* _WHAT YOU WILL DO_
Each line from the one containing "Q: Width (condensed, normal, or" through the end of the data must be retyped exactly, and no other line.

Source data:
════

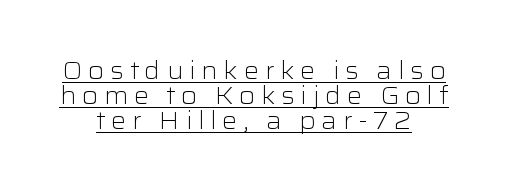
Q: Is the text bold? A: No.
Q: Is the text italic (slanted)? A: No, it is upright.
Q: Is the text underlined? A: Yes.
Q: How is the paragraph aligned? A: Centered.
Q: Is the spacing between letters normal or unusually wide? A: Unusually wide.
Q: Is the spacing between lines tight, normal or loose? A: Tight.
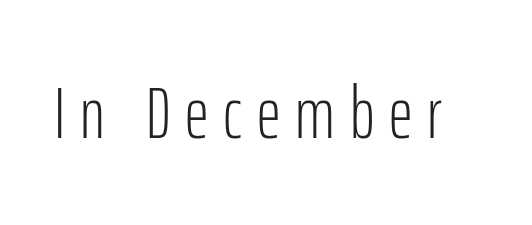
Q: Is the text bold? A: No.
Q: Is the text italic (slanted)? A: No, it is upright.
Q: Is the typeface a serif or a sans-serif typeface? A: Sans-serif.
Q: Is the text underlined? A: No.
Q: Is the spacing between letters normal or unusually wide? A: Unusually wide.
Q: Width (condensed, normal, or wide)? A: Condensed.
Q: Stroke contrast? A: Low.
Q: x-height? A: Medium.
Q: Monospaced? A: No.

════

* _FINAL ANSWER_
Q: Width (condensed, normal, or wide)? A: Condensed.
Q: Stroke contrast? A: Low.
Q: x-height? A: Medium.
Q: Monospaced? A: No.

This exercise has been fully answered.